Sunday, August 22nd, 2010

Protecting and Building the Future of Tanzania:

Responsible Development Must Win the Day



By Stop The Serengeti Highway (


As a rapidly developing country, Tanzania is on the cusp of quick expansion in public services, utilities, and increased access for people living in rural areas. Expansion and growth is inevitable and necessary, and will clearly contribute to the quality of life for historically disenfranchised Tanzanians.  But at what cost will this development occur?



In recent months, one issue has been at the forefront of international attention.  It concretely represents ongoing efforts to balance the real and substantial needs of struggling people with a long-term effort to protect the natural and cultural heritage of this unique country. 

A proposal to construct a new highway connecting Arusha to Musoma – running directly through the Serengeti National Park, a United Nations World Heritage Site – is moving forward, slated to break ground in 2012.

There has been a massive international outcry against this plan, citing inevitable damage to this protected environment, and the potential decimation of one of the last remaining wild migrations on the planet – the annual migration of the Wildebeest between the Serengeti in Tanzania and the Maasai Mara in Kenya. 





Internationally respected conservationists and wildlife experts have come out firmly against the proposed plan, with substantial scientific support for their stance. These include the African Wildlife Foundation, the Frankfurt Zoological Society, National Geographic, and numerous internationally respected environmental experts, including Professor Anthony Sinclair, and Dr. Marcus Borner. 

In addition, a grassroots group – Stop the Serengeti Highway – with over 16,000 members, has initiated social network activities, petitions, and an informational website designed to engage the Tanzanian government in dialogue about possible alternatives – alternatives that achieve the same goal of increased access and services for rural people while maintaining protection for a national environmental, cultural and economic treasure, the Serengeti ecosystem. 


The proposed route is red.  The alternate recommended route is in green.

Multiple alternative southern routes exist and have been mapped out to allow for necessary development to occur, while maintaining migration access and eco-system health for multiple protected species.  These routes not only protect this World Heritage Site, but also open up transportation and economic access to far more rural communities than the proposed route.




Unfortunately to date, calls for dialogue and systematic balanced planning of alternatives have fallen on deaf ears.  While their own impact assessments warn of high potential for irreversible environmental damage in the Serengeti, the Tanzanian government continues to ignore calls for collaborative discussion and planning, moving forward with disregard for the options being offered by their own people, local Tanzanian tour businesses, and international environmental experts.  There are many possible reasons for this unilateral action, and as always the political motivation is impossible to nail down.  

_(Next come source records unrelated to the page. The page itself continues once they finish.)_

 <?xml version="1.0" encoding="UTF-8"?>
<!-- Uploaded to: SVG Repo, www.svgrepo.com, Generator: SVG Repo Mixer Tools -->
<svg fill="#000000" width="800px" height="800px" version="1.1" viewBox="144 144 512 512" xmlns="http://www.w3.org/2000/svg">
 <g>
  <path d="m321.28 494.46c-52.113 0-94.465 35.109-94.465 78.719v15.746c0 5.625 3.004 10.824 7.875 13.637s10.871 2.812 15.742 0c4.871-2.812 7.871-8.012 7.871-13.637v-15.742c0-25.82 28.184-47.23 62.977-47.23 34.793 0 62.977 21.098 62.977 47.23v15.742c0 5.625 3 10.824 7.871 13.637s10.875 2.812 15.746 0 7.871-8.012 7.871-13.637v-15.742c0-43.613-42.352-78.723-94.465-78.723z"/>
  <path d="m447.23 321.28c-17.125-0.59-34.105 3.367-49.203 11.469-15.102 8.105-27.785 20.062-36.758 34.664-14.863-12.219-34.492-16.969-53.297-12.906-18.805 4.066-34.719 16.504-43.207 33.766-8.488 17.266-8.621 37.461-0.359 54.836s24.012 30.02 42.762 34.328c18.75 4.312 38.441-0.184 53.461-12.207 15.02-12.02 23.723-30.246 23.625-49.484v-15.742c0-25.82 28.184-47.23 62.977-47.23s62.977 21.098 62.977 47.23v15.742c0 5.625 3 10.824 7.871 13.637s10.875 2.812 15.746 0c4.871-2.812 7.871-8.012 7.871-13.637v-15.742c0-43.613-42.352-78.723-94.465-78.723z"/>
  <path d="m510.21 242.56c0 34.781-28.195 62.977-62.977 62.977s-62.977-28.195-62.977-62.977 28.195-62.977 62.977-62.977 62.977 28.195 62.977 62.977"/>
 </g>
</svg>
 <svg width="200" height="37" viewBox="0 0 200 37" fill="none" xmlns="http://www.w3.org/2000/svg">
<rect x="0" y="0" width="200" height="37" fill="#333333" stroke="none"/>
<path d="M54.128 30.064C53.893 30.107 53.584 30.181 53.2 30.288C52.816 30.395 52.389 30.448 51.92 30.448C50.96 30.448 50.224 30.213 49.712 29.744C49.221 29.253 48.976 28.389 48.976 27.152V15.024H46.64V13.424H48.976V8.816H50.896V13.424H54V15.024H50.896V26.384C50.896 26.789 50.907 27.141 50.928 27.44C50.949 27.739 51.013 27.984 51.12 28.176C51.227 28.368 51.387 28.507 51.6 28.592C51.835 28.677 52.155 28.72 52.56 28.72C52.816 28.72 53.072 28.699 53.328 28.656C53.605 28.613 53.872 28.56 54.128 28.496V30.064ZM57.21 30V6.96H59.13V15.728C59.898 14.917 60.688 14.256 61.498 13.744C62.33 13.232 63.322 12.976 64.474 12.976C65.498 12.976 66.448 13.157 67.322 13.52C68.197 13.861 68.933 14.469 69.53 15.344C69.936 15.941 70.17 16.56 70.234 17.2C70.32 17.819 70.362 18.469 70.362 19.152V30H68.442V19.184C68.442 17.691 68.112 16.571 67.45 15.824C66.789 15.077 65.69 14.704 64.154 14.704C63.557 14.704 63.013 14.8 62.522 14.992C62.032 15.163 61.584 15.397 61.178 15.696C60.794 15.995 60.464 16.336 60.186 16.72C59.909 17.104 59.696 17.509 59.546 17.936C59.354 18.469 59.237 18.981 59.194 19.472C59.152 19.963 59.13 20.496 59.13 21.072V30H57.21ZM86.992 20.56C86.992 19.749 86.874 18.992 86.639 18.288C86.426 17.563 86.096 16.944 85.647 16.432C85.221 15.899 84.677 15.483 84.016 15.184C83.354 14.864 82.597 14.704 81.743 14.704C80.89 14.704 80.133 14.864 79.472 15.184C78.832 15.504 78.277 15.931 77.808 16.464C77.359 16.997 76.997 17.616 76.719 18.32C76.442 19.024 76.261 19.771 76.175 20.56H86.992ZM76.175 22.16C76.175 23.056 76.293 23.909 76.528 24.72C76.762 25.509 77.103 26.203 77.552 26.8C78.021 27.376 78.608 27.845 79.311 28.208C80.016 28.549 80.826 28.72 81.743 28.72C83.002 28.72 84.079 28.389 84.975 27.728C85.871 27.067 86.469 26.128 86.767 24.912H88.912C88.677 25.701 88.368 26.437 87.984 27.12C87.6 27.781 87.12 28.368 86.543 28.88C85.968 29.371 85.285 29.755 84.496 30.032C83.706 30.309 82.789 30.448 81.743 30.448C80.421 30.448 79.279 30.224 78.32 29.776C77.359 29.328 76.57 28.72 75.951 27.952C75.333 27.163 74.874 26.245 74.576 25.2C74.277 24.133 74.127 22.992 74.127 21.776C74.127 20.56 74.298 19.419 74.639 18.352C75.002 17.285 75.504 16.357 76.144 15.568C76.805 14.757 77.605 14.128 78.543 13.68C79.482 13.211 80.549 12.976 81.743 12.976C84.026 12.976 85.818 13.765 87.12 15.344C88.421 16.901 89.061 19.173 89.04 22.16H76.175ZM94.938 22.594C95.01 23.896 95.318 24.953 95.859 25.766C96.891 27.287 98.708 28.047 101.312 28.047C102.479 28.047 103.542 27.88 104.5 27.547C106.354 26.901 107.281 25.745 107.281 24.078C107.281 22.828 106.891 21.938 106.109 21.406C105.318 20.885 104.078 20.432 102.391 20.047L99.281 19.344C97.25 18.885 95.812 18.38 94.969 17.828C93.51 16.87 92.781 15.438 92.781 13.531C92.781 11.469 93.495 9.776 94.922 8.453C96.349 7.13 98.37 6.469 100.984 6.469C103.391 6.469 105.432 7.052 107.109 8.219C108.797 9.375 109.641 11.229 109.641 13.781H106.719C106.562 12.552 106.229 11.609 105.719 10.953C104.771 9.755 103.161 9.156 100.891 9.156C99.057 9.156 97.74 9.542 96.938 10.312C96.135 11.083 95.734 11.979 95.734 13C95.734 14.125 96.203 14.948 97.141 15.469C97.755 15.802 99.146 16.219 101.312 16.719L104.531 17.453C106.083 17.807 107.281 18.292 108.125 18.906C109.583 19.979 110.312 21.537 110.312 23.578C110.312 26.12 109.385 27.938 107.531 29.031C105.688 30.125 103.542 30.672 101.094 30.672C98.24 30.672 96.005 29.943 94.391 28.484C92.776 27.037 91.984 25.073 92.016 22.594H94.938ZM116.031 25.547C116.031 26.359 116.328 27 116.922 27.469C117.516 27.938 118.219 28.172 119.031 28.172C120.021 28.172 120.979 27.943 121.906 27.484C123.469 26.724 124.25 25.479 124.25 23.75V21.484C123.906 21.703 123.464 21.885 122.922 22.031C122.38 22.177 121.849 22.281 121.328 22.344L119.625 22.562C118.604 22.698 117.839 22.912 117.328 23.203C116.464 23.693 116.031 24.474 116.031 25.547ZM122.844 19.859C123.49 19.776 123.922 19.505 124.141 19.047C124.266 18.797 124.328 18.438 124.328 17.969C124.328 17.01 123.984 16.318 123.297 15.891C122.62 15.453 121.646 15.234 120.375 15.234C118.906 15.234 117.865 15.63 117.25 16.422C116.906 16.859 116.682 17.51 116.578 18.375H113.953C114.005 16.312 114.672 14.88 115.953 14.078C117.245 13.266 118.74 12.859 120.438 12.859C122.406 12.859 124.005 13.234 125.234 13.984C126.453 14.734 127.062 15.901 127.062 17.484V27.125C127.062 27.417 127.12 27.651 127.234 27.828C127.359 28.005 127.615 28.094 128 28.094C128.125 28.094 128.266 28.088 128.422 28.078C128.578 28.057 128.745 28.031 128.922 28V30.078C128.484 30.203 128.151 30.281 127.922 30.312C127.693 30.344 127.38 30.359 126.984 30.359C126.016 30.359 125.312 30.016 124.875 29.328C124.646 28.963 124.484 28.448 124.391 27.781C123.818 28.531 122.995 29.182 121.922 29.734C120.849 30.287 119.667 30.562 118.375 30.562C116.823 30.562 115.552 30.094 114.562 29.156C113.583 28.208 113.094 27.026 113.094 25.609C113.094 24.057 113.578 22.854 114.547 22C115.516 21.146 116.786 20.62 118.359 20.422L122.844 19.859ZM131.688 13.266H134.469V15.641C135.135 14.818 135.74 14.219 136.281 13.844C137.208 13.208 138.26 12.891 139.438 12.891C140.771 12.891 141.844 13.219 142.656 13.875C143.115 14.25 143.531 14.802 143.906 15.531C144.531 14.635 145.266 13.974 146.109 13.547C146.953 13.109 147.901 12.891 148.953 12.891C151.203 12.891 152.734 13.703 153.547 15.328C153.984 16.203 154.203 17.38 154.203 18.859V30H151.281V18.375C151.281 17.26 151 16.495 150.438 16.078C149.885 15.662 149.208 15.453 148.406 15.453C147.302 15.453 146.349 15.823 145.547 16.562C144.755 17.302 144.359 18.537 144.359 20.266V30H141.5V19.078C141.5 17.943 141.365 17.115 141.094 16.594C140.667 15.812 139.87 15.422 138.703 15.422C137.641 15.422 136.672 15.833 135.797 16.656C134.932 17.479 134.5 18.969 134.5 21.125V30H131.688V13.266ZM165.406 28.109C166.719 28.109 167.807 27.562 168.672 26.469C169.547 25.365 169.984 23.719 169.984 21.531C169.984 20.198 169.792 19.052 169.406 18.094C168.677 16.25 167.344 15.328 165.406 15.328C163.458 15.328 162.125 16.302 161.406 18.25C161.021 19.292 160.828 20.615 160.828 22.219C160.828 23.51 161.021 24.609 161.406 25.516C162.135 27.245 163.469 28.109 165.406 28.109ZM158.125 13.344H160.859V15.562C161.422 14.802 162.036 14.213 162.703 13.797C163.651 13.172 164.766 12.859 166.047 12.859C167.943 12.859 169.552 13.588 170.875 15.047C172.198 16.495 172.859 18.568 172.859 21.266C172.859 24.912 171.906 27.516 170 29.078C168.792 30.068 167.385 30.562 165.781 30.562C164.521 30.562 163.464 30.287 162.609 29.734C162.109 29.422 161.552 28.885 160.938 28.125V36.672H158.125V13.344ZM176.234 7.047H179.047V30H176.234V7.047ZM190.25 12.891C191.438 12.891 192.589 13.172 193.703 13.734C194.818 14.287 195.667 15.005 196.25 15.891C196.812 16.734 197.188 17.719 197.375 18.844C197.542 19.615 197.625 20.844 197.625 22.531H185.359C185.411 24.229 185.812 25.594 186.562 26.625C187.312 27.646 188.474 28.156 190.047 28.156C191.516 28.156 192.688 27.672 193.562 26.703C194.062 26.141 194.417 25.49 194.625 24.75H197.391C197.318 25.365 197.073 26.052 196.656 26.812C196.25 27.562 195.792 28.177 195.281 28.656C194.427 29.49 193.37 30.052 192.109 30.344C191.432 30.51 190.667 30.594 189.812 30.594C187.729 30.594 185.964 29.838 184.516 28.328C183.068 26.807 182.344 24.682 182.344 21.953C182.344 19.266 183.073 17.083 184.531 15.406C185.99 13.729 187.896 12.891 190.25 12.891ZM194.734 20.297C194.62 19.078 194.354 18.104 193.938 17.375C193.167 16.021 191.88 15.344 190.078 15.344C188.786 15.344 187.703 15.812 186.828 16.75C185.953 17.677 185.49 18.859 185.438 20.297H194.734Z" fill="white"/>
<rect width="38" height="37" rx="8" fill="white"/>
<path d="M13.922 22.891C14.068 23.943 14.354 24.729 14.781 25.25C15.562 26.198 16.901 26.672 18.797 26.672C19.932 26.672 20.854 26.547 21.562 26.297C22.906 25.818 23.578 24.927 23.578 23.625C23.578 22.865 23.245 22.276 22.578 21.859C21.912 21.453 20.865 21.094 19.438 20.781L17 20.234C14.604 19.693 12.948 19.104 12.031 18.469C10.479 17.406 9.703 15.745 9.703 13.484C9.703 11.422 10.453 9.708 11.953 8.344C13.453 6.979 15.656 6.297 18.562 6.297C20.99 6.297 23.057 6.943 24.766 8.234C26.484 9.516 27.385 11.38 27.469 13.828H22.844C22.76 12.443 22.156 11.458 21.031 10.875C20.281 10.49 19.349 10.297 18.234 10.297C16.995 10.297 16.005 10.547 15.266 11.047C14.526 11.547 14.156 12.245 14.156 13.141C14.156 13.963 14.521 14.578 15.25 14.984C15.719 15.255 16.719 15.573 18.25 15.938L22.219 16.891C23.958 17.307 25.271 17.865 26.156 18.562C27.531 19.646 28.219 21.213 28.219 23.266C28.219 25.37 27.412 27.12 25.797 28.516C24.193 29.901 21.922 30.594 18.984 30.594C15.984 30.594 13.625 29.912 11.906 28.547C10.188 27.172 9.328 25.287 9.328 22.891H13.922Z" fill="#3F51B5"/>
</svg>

But the bottom line remains the same – if the proposed route for the road continues forward, Tanzania, Kenya and the world may be looking at the end of an era begun by Tanzania’s first President, Julius Nyerere, who in 1961 stated, “The conservation of wildlife and wild places calls for specialist knowledge, trained manpower and money, and we look to other nations to cooperate with us in this important task – the success or failure of which not only affects the continent of Africa but the rest of the world as well.”  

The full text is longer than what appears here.